Berkeley: Tropical Paradise?

Growing up in the good ol’ PNW I didn’t see many palm trees except on TV and in Movies so it was a little weird for me when I suddenly found myself in a place where they were landscaping staples (though I suppose not as much as they are in southern California). Whenever I see a palm tree (like this one in downtown Berkeley) it tends to remind me how tropical it ISN’T in the bay area, as if these trees which I associate with warm beaches are mocking me.

Palm Tree

The Lost(ish) Generation

Brendan and I don’t talk much about graduate school (in part because who wants to hear us complain?), but it still has a big impact on how we view the world. Long hours in windowless lab spaces make us really appreciate how amazing it is to feel the sun on your face.
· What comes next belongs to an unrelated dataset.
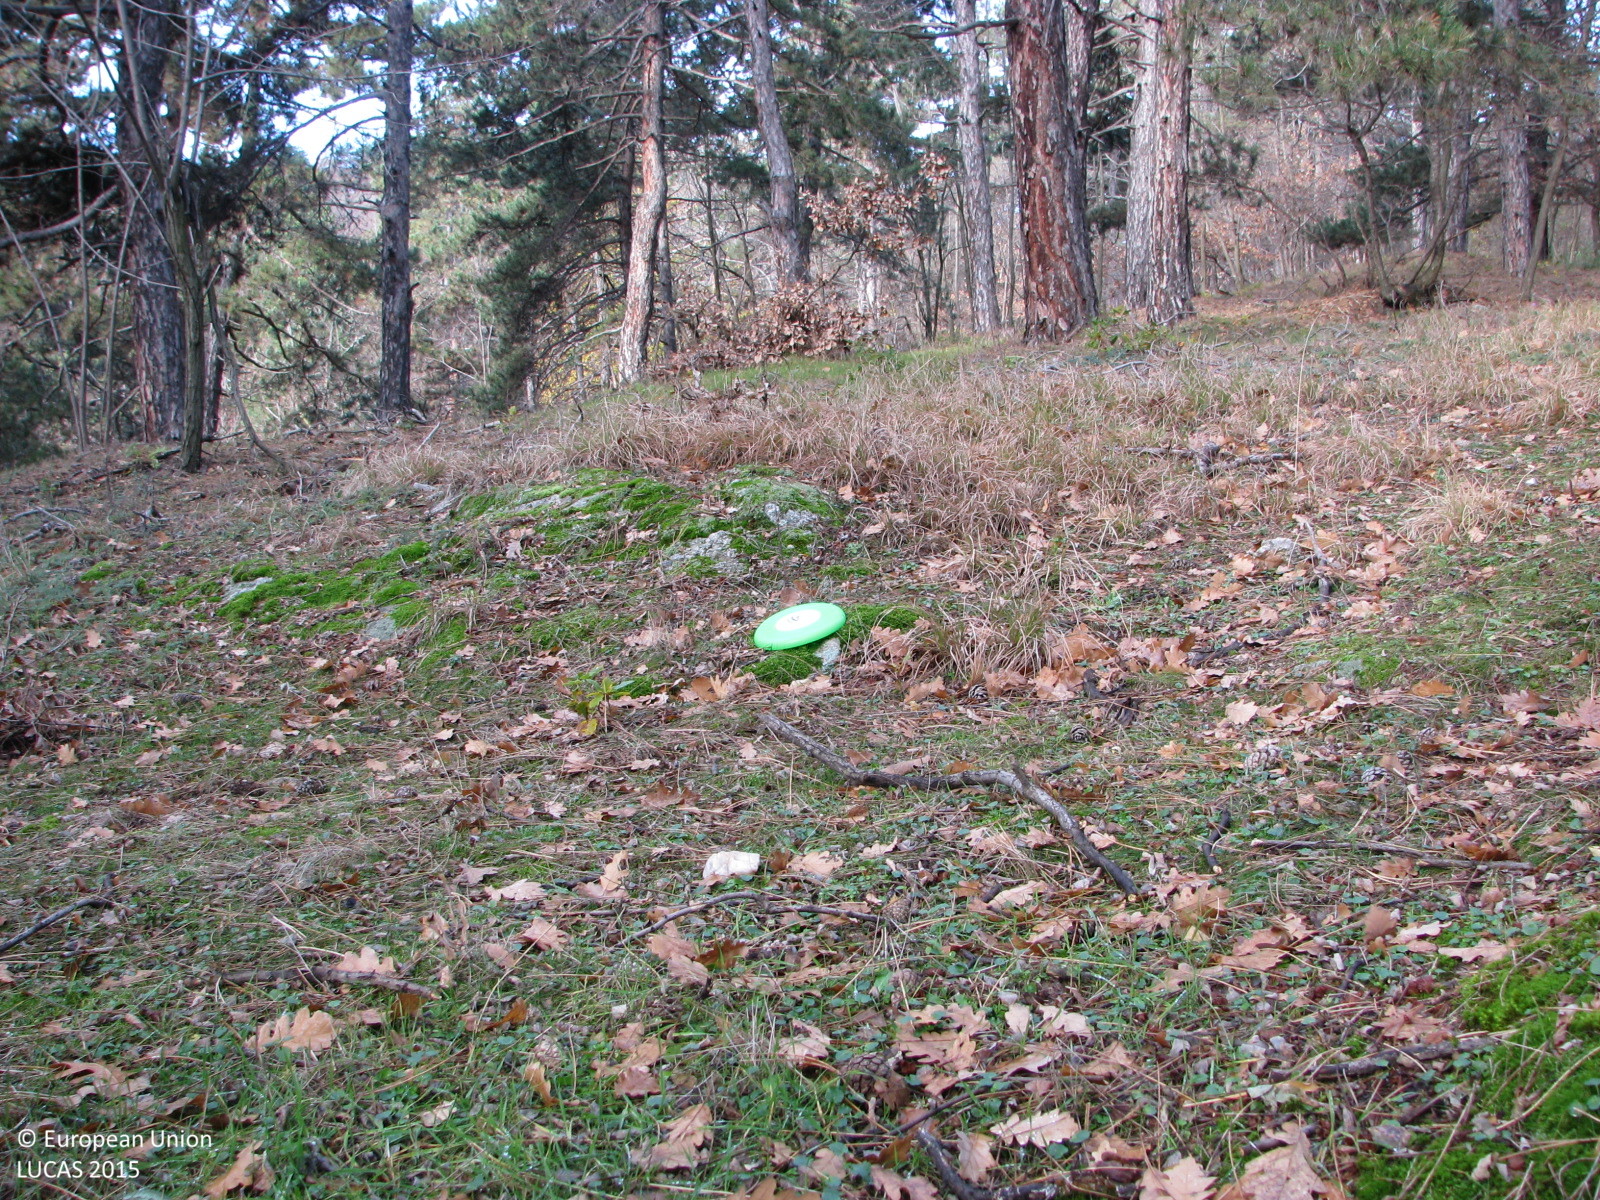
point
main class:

There’s a particular balcony on the seventh floor of Tan Kah Kee Hall that has a clear and unrestricted view of nearly the entire San Francisco bay, and stepping out onto that balcony after spending all day down in lab can be utterly overwhelming. I think this picture really captures that feeling of the sun on my face at the end of a long, and the incredible relief that brings.

The Lost(ish) Generation

Antique Creek

The environment changes so completely when it rains that I can’t help but run out with my camera in the moments between storms. Today’s photograph is another from UC Berkeley’s Strawberry Creek on a particularly drizzly day. The contrast between nature and the manicured stone walls works out quite nicely when everything is wet and glistening.

Antique Creek

Ingrained

This little stream was running by the trail not far from where Brendan took yesterday’s photo. At first, I felt distressed to see that tires had been dumped into the stream, but further inspection made it obvious that they’d been washed there in heavy rain years ago. There was a certain relief in seeing them encrusted in moss and being (at least partially) reclaimed.

The contrast between the blacks/greys of the tires/rocks and the array of greens in the moss, ferns, and trees worked out really nicely for highlighting the contrast between the “static” parts of the image and the encroaching life.

Ingrained

Calf

The previously featured Robert Sibley Regional Volcanic Preserve is apparently home to a small herd of cattle. This came as some surprise to us while were having a stroll through the park when we came upon a small pen filled with cattle and their calves, including this one who came around to figure out what we were all about.

Calf

Duck Pond

Another shot from Robert Sibley Volcanic Regional Preserve, there was a small pond up on a hill overlooking some pastures and the freeway running through the east bay hills. Though they seemed reluctant to be caught on camera there were actually a pair of ducks swimming around this small, overgrown pond.

Duck Pond

Behold, the Tomb!

Today is a more unusual shot of UC Berkeley’s Hearst Memorial Mining Building. As with so many other buildings on campus, the terrain and topology of surrounding the building have changed radically since it’s initial construction, with each shift requiring an adaptation to the landscaping and lower structure of the building to maintain access without violating the original design too severely. In this case, however, a fairly functional combination of tunnel entrance and stairs looks uncannily like some sort of ancient tomb. I keep waiting for Indiana Jones to come sprinting out past the ash trays with an enormous boulder rolling close behind him.

Behold, the Tomb!

The Edifice

This is the imposing Latimer Hall in UC Berkeley’s College of Chemistry. On this stormy afternoon, the sky and the bare tree and the building itself all took on this similar cast, but with such radically different textures and shapes. If you look carefully, the cracks and stains under each balcony level begin to resemble the geometry of the tree.

The Edifice

Enigmatic door

This shot comes from a maintenance building over the Caldecott tunnel through the Berkeley Hills. The whole building is sort of interesting looking in a really drab way and will surely be featured further but for now I thought that the way that the NFPA diamond in all of its colorful glory contrasted with the lack of the color in this stairwell which is an access way to one of the bores of the tunnel.